UT researchers received a $2 million grant from the National Science Foundation on Sept. 1 to apply insights on how humans learn to create more efficient autonomous vehicles.
Principal investigator Junmin Wang said while autonomous robots like self-driving vehicles are helpful to society, their computational and energy efficiencies are low. He said they also aren’t able to easily adapt to and navigate complex environments as evidenced by the recent traffic jam caused by Cruise self-driving cars stopping at an intersection.
Co-researcher Mary Hayhoe said the team plans to use a driving simulator and track drivers’ eye movements to understand where people focus their attention while driving and how that changes over time. Then, the team will create software for autonomous robots inspired by these neurobiological insights.
Wang said when humans do routine tasks like driving and cooking, we develop contextualized memory as we learn to adapt to the environment over time. Applying this principle to autonomous vehicles will help them learn from experience and navigate roads in a more energy-efficient manner.
Hayhoe said selective perception is another key principle the team hopes to incorporate into their algorithms. Hayhoe said Light Detection and Ranging technology, which automated vehicles use to sense their surroundings, “continuously (gives) a depth map of everything, (which) is very different from human vision where we’re just attending to a little part of the visual field at any one moment.”
“If you think of biological systems, all animals (have) to get around and a lot of them use vision, and they do it really well,” Hayhoe said. “There’s clearly some aspects of biological vision that one could leverage.”

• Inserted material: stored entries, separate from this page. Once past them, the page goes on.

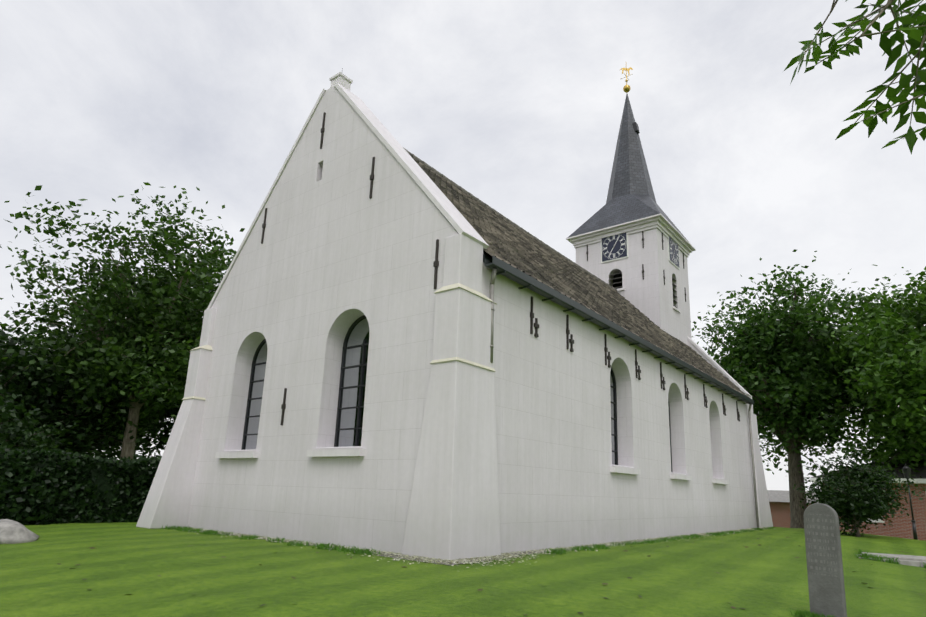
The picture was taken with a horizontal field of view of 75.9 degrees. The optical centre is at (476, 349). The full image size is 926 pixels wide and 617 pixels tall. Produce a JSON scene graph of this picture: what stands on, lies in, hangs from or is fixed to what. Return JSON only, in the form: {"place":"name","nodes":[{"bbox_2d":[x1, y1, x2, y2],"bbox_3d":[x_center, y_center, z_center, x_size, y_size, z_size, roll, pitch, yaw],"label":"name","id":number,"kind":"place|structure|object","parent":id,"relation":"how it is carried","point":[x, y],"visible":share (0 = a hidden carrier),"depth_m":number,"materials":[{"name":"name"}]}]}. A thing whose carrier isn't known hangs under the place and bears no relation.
{"place":"outdoors","nodes":[
{"label":"outdoors","id":0,"kind":"place"},
{"bbox_2d":[188,86,482,553],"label":"gable wall","id":1,"kind":"structure","parent":0,"point":[324,266],"depth_m":12.48,"materials":[{"name":"white paint"}]},
{"bbox_2d":[215,315,728,484],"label":"windows","id":2,"kind":"structure","parent":1,"relation":"in","point":[350,411],"depth_m":12.51,"materials":[{"name":"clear glass"}]},
{"bbox_2d":[207,72,750,396],"bbox_3d":[2.519,-2.055,21.433,8.751,5.349,20.100,-8,-17,37],"label":"gable coping","id":3,"kind":"object","parent":1,"relation":"on","point":[438,198],"visible":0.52,"depth_m":13.08,"materials":[{"name":"white paint"}]},
{"bbox_2d":[483,254,491,261],"bbox_3d":[5.817,0.208,18.201,0.030,0.150,18.630,-8,-17,37],"label":"gutter end","id":4,"kind":"object","parent":3,"relation":"attached to","point":[487,257],"visible":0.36,"depth_m":11.12,"materials":[{"name":"grey"}]},
{"bbox_2d":[261,112,739,424],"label":"wall anchors","id":5,"kind":"object","parent":1,"relation":"attached to","point":[536,326],"depth_m":14.03,"materials":[{"name":"metal"}]},
{"bbox_2d":[0,522,925,616],"bbox_3d":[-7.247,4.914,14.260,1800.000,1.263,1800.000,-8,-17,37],"label":"ground","id":6,"kind":"structure","parent":0,"point":[121,567],"depth_m":7.66,"materials":[{"name":"green plant"}]},
{"bbox_2d":[0,519,39,543],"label":"boulder","id":7,"kind":"object","parent":6,"relation":"on","point":[13,532],"visible":0.81,"depth_m":10.54,"materials":[{"name":"grey stone"}]},
{"bbox_2d":[0,375,75,463],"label":"shrub","id":8,"kind":"object","parent":6,"relation":"on","point":[23,436],"visible":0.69,"depth_m":17.54,"materials":[{"name":"green plant"}]},
{"bbox_2d":[0,446,161,524],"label":"hedge","id":9,"kind":"object","parent":6,"relation":"on","point":[30,488],"depth_m":14.72,"materials":[{"name":"green plant"}]},
{"bbox_2d":[0,311,173,458],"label":"tree","id":10,"kind":"object","parent":6,"relation":"on","point":[85,428],"visible":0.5,"depth_m":23.18,"materials":[{"name":"green plant"}]},
{"bbox_2d":[0,296,176,458],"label":"tree","id":11,"kind":"object","parent":6,"relation":"on","point":[166,432],"visible":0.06,"depth_m":29.38,"materials":[{"name":"green plant"}]},
{"bbox_2d":[0,182,244,458],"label":"ash tree","id":12,"kind":"object","parent":6,"relation":"on","point":[166,323],"visible":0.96,"depth_m":22.95,"materials":[{"name":"green plant"}]},
{"bbox_2d":[141,316,202,456],"bbox_3d":[-12.910,3.305,31.775,13.717,12.300,11.647,-8,-17,37],"label":"tree","id":13,"kind":"object","parent":6,"relation":"on","point":[175,412],"depth_m":29.76,"materials":[{"name":"green plant"}]},
{"bbox_2d":[136,233,772,560],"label":"buttresses","id":14,"kind":"structure","parent":6,"relation":"on","point":[453,511],"depth_m":10.15,"materials":[{"name":"paint"}]},
{"bbox_2d":[182,283,496,399],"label":"buttress ledges","id":15,"kind":"object","parent":14,"relation":"on","point":[441,289],"visible":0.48,"depth_m":10.41,"materials":[{"name":"paint"}]},
{"bbox_2d":[224,532,720,564],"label":"pebbles","id":16,"kind":"object","parent":6,"relation":"on","point":[391,556],"visible":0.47,"depth_m":9.70,"materials":[{"name":"grey gravel"}]},
{"bbox_2d":[173,527,778,568],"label":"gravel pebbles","id":17,"kind":"object","parent":6,"relation":"on","point":[457,561],"visible":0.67,"depth_m":10.04,"materials":[{"name":"grey gravel"}]},
{"bbox_2d":[57,535,925,614],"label":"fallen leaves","id":18,"kind":"object","parent":6,"relation":"on","point":[514,561],"visible":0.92,"depth_m":9.20,"materials":[{"name":"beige plant"}]},
{"bbox_2d":[161,524,925,616],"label":"grass tufts","id":19,"kind":"object","parent":6,"relation":"on","point":[360,551],"visible":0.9,"depth_m":12.24,"materials":[{"name":"green plant"}]},
{"bbox_2d":[482,262,753,552],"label":"side wall","id":20,"kind":"structure","parent":6,"relation":"on","point":[560,484],"depth_m":13.90,"materials":[{"name":"paint"}]},
{"bbox_2d":[410,155,750,398],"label":"roof","id":21,"kind":"structure","parent":20,"relation":"on","point":[507,242],"depth_m":16.77,"materials":[{"name":"tile"}]},
{"bbox_2d":[403,147,617,291],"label":"ridge tiles","id":22,"kind":"object","parent":21,"relation":"on","point":[474,197],"visible":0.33,"depth_m":19.30,"materials":[{"name":"grey tile"}]},
{"bbox_2d":[484,256,753,404],"bbox_3d":[5.971,0.351,18.151,0.300,0.200,18.960,-8,-17,37],"label":"gutter","id":23,"kind":"object","parent":20,"relation":"attached to","point":[505,269],"visible":1,"depth_m":14.05,"materials":[{"name":"grey metal"}]},
{"bbox_2d":[489,268,758,527],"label":"downpipes","id":24,"kind":"object","parent":20,"relation":"attached to","point":[492,283],"visible":0.92,"depth_m":10.98,"materials":[{"name":"metal"}]},
{"bbox_2d":[576,228,691,344],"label":"tower","id":25,"kind":"structure","parent":6,"relation":"on","point":[650,296],"depth_m":26.17,"materials":[{"name":"paint"}]},
{"bbox_2d":[567,94,689,242],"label":"spire","id":26,"kind":"structure","parent":25,"relation":"on","point":[630,196],"depth_m":28.39,"materials":[{"name":"stone"}]},
{"bbox_2d":[620,67,632,92],"bbox_3d":[7.798,-13.983,30.787,0.770,2.200,0.511,4,-14,-7],"label":"weather vane","id":27,"kind":"object","parent":26,"relation":"on","point":[626,88],"visible":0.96,"depth_m":30.73,"materials":[{"name":"gold metal"}]},
{"bbox_2d":[566,213,695,250],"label":"spire eaves","id":28,"kind":"object","parent":26,"relation":"attached to","point":[667,222],"visible":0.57,"depth_m":26.92,"materials":[{"name":"white wood"}]},
{"bbox_2d":[632,122,639,133],"bbox_3d":[7.984,-11.071,29.737,0.317,0.530,0.300,-8,-17,37],"label":"spire dormer","id":29,"kind":"object","parent":26,"relation":"attached to","point":[635,126],"visible":0.64,"depth_m":29.62,"materials":[{"name":"grey metal"}]},
{"bbox_2d":[570,217,691,257],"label":"tower cornice","id":30,"kind":"structure","parent":25,"relation":"attached to","point":[662,226],"depth_m":26.93,"materials":[{"name":"white paint"}]},
{"bbox_2d":[601,232,679,269],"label":"clock faces","id":31,"kind":"object","parent":25,"relation":"attached to","point":[614,247],"visible":0.88,"depth_m":26.91,"materials":[{"name":"blue"}]},
{"bbox_2d":[609,272,680,312],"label":"louvered openings","id":32,"kind":"object","parent":25,"relation":"attached to","point":[617,281],"visible":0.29,"depth_m":26.84,"materials":[{"name":"black dark painted wood"}]},
{"bbox_2d":[767,490,817,527],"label":"shed","id":33,"kind":"structure","parent":6,"relation":"on","point":[779,502],"depth_m":45.48,"materials":[{"name":"red brick"}]},
{"bbox_2d":[692,249,893,528],"bbox_3d":[18.898,2.749,35.924,11.950,17.031,12.042,4,-14,-9],"label":"chestnut tree","id":34,"kind":"object","parent":6,"relation":"on","point":[762,358],"visible":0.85,"depth_m":34.15,"materials":[{"name":"green plant"}]},
{"bbox_2d":[803,503,846,616],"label":"gravestone","id":35,"kind":"object","parent":6,"relation":"on","point":[826,585],"visible":1,"depth_m":6.38,"materials":[{"name":"grey stone"}]},
{"bbox_2d":[791,264,925,490],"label":"lime tree","id":36,"kind":"object","parent":6,"relation":"on","point":[889,339],"visible":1,"depth_m":28.62,"materials":[{"name":"green plant"}]},
{"bbox_2d":[793,439,924,536],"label":"shrub","id":37,"kind":"object","parent":6,"relation":"on","point":[856,498],"depth_m":21.88,"materials":[{"name":"green plant"}]},
{"bbox_2d":[824,483,925,540],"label":"house walls","id":38,"kind":"structure","parent":6,"relation":"on","point":[901,527],"depth_m":28.08,"materials":[{"name":"red brick"}]},
{"bbox_2d":[811,454,925,478],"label":"house roof","id":39,"kind":"structure","parent":38,"relation":"on","point":[918,474],"depth_m":29.10,"materials":[{"name":"grey tile"}]},
{"bbox_2d":[863,491,925,522],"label":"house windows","id":40,"kind":"structure","parent":38,"relation":"in","point":[880,520],"depth_m":28.73,"materials":[{"name":"white"}]},
{"bbox_2d":[857,552,925,566],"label":"grave slab","id":41,"kind":"structure","parent":6,"relation":"on","point":[913,560],"depth_m":13.00,"materials":[{"name":"stone"}]},
{"bbox_2d":[902,463,917,539],"bbox_3d":[17.380,6.070,23.731,0.390,2.964,0.362,-8,-17,37],"label":"lamp post","id":42,"kind":"object","parent":6,"relation":"on","point":[906,469],"visible":0.92,"depth_m":23.70,"materials":[{"name":"black metal"}]},
{"bbox_2d":[0,0,925,490],"label":"sky","id":43,"kind":"structure","parent":0,"point":[519,104],"materials":[{"name":"white"}]},
{"bbox_2d":[687,339,756,527],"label":"gable wall","id":44,"kind":"structure","parent":0,"point":[692,346],"depth_m":25.12,"materials":[{"name":"white paint"}]},
{"bbox_2d":[784,0,925,154],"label":"overhanging branch","id":45,"kind":"object","parent":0,"point":[915,41],"visible":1,"depth_m":2.27,"materials":[{"name":"green plant"}]},
{"bbox_2d":[810,478,925,483],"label":"roof fascia","id":46,"kind":"structure","parent":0,"point":[919,481],"depth_m":27.95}
]}

While autonomous vehicles take in all the information about their surroundings, Hayhoe said humans only focus on relevant pieces.
“In terms of information, you’re just updating a stored memory with little pieces of important information,” Hayhoe said. “Instead of trying to get everything about the world every few milliseconds, you remember what the world’s like and you just find the changes and update them.”
Wang said the research can also be applied to make robots more understandable to humans.
“If we can make (robots’ computation) in a way which is parallel or similar to how human brains work, then humans will better understand their behavior,” Wang said. “Therefore, robots can better collaborate with humans.”
Wang said he is especially excited about the multidisciplinary nature of the collaboration, as the team includes researchers from engineering, computer science, neuroscience and psychology backgrounds.
“I think this will enable us to (create) out-of-the-box and paradigm-shifting innovations to address some of the national challenges in robotic systems,” Wang said. “If you want to make those (autonomous) robots in the future as part of our society, we need to make humans and robots mutually understand each other in order to harmoniously work together.”